The hidden cost of school bus crashes

Preventing just one brain or spinal injury caused by a school bus crash would save the community up to $15 million, a senior surgeon believes.

Professor Danny Cass, the Westmead Children’s Hospital trauma head, views the absence of seatbelts on rural and regional school buses as a “disaster waiting to happen”.

“It’s just a matter of time before we see a crash (causing) severe head and spinal injuries, which are incredibly costly to the community and devastating to the child and the family,” professor Cass said.

He estimated the lifelong treatment of a person stricken with a severe spinal injury – a likely injury in vehicle accidents were passengers are unrestrained – was between $13 million and $15 million.
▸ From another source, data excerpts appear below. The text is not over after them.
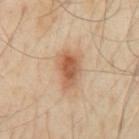notes = imaged on a skin check; not biopsied | automated lesion analysis = a nevus-likeness score of about 95/100 and a lesion-detection confidence of about 100/100 | site = the mid back | imaging modality = ~15 mm crop, total-body skin-cancer survey | subject = male, aged 53 to 57 | illumination = cross-polarized illumination.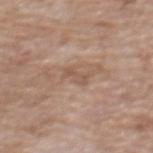follow-up: total-body-photography surveillance lesion; no biopsy
tile lighting: white-light
TBP lesion metrics: an area of roughly 3 mm² and an outline eccentricity of about 0.9 (0 = round, 1 = elongated); a nevus-likeness score of about 0/100 and a detector confidence of about 100 out of 100 that the crop contains a lesion
body site: the chest
subject: male, aged 58–62
imaging modality: total-body-photography crop, ~15 mm field of view
size: about 3 mm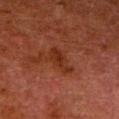Clinical impression: This lesion was catalogued during total-body skin photography and was not selected for biopsy. Context: The subject is a male about 80 years old. Approximately 4 mm at its widest. An algorithmic analysis of the crop reported a mean CIELAB color near L≈24 a*≈22 b*≈26, about 6 CIELAB-L* units darker than the surrounding skin, and a lesion-to-skin contrast of about 7 (normalized; higher = more distinct). The software also gave a lesion-detection confidence of about 100/100. The lesion is on the right lower leg. A 15 mm close-up tile from a total-body photography series done for melanoma screening. This is a cross-polarized tile.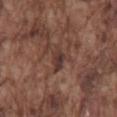A lesion tile, about 15 mm wide, cut from a 3D total-body photograph.
Automated image analysis of the tile measured an outline eccentricity of about 0.85 (0 = round, 1 = elongated) and a symmetry-axis asymmetry near 0.3. It also reported an average lesion color of about L≈36 a*≈18 b*≈22 (CIELAB), roughly 8 lightness units darker than nearby skin, and a lesion-to-skin contrast of about 7.5 (normalized; higher = more distinct). The analysis additionally found border irregularity of about 3.5 on a 0–10 scale, a within-lesion color-variation index near 3/10, and a peripheral color-asymmetry measure near 1.
Captured under white-light illumination.
From the mid back.
A male patient aged 73–77.
Approximately 3.5 mm at its widest.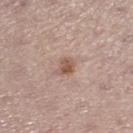tile lighting — white-light; subject — female, in their mid-60s; image — ~15 mm crop, total-body skin-cancer survey; lesion diameter — ~2.5 mm (longest diameter); location — the right lower leg.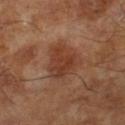Q: Was a biopsy performed?
A: catalogued during a skin exam; not biopsied
Q: Who is the patient?
A: male, aged approximately 65
Q: How was this image acquired?
A: ~15 mm crop, total-body skin-cancer survey
Q: What lighting was used for the tile?
A: cross-polarized illumination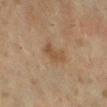Findings:
- biopsy status · total-body-photography surveillance lesion; no biopsy
- patient · female, in their mid- to late 50s
- tile lighting · cross-polarized
- body site · the right lower leg
- image source · total-body-photography crop, ~15 mm field of view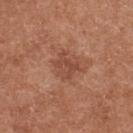Part of a total-body skin-imaging series; this lesion was reviewed on a skin check and was not flagged for biopsy.
Captured under white-light illumination.
Approximately 3 mm at its widest.
A close-up tile cropped from a whole-body skin photograph, about 15 mm across.
From the upper back.
Automated tile analysis of the lesion measured a lesion color around L≈47 a*≈25 b*≈30 in CIELAB and a normalized lesion–skin contrast near 6.
A female patient, aged 38–42.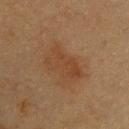  biopsy_status: not biopsied; imaged during a skin examination
  lesion_size:
    long_diameter_mm_approx: 5.0
  image:
    source: total-body photography crop
    field_of_view_mm: 15
  site: upper back
  patient:
    sex: female
    age_approx: 40
  lighting: cross-polarized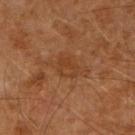Impression:
This lesion was catalogued during total-body skin photography and was not selected for biopsy.
Background:
The tile uses cross-polarized illumination. The recorded lesion diameter is about 3 mm. Cropped from a whole-body photographic skin survey; the tile spans about 15 mm. Located on the right upper arm. The lesion-visualizer software estimated a footprint of about 4.5 mm², a shape eccentricity near 0.65, and a shape-asymmetry score of about 0.25 (0 = symmetric). The subject is a male aged approximately 60.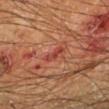This lesion was catalogued during total-body skin photography and was not selected for biopsy. Imaged with cross-polarized lighting. A roughly 15 mm field-of-view crop from a total-body skin photograph. An algorithmic analysis of the crop reported a footprint of about 2.5 mm², an outline eccentricity of about 0.9 (0 = round, 1 = elongated), and two-axis asymmetry of about 0.4. And it measured a mean CIELAB color near L≈36 a*≈27 b*≈27 and about 7 CIELAB-L* units darker than the surrounding skin. The lesion is on the left lower leg. The patient is a male aged approximately 65.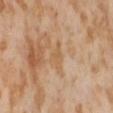notes = imaged on a skin check; not biopsied | subject = female, about 55 years old | location = the abdomen | image = ~15 mm crop, total-body skin-cancer survey.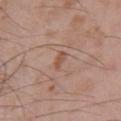Q: Was a biopsy performed?
A: total-body-photography surveillance lesion; no biopsy
Q: What are the patient's age and sex?
A: male, in their mid-60s
Q: What kind of image is this?
A: 15 mm crop, total-body photography
Q: Lesion location?
A: the chest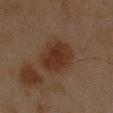Notes:
• notes: catalogued during a skin exam; not biopsied
• subject: male, aged around 45
• lighting: cross-polarized illumination
• diameter: about 5 mm
• site: the left forearm
• acquisition: total-body-photography crop, ~15 mm field of view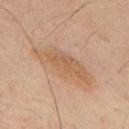Recorded during total-body skin imaging; not selected for excision or biopsy. A male patient aged approximately 50. The total-body-photography lesion software estimated a lesion area of about 15 mm², an outline eccentricity of about 0.95 (0 = round, 1 = elongated), and two-axis asymmetry of about 0.3. The analysis additionally found a lesion color around L≈52 a*≈17 b*≈31 in CIELAB, a lesion–skin lightness drop of about 7, and a lesion-to-skin contrast of about 6 (normalized; higher = more distinct). From the upper back. Imaged with cross-polarized lighting. The recorded lesion diameter is about 7.5 mm. A 15 mm close-up extracted from a 3D total-body photography capture.

By comparison, the federal government has spent just $3 million over the past four years encouraging private bus companies to voluntarily install the lifesaving devices.

In the event of a catastrophic bus crush, responsibility would likely fall on the respected surgeon and his team to treat the young victims. Injuries from a high speed crash would be horrific.

 “We’ve been lucky, I’ve only been involved in three bus crashes and the worst injury was damage to a child’s liver,” professor Cass said.

“But those cases were very much near misses and it’s always disturbed me that school children are still being neglected…a lot of the school bus feel are just cattle wagons.

 “As a society we’ve been totally neglectful and in my opinion as a surgeon, the cost of doing something about it is immaterial. We have a duty of care to protect our children and costs should not be a factor in making sure they get to and from school safely.”

In the past decade, 624 people in NSW aged between five and 20 have been injured in a bus crash, according to Transport for NSW. The severity of those injuries was not recorded.

Professor Cass said students travelling on rural and regional routes are at particular risk because those areas are have less medical resources to quickly and adequately handle a mass casualty event.

He said seatbelts should have been mandatory on all new buses following two disastrous bus crashes on the NSW north coast in 1989.

 “We have neglected our children for over 20 years by not requiring seatbelts to be installed at the point of manufacture,” he said.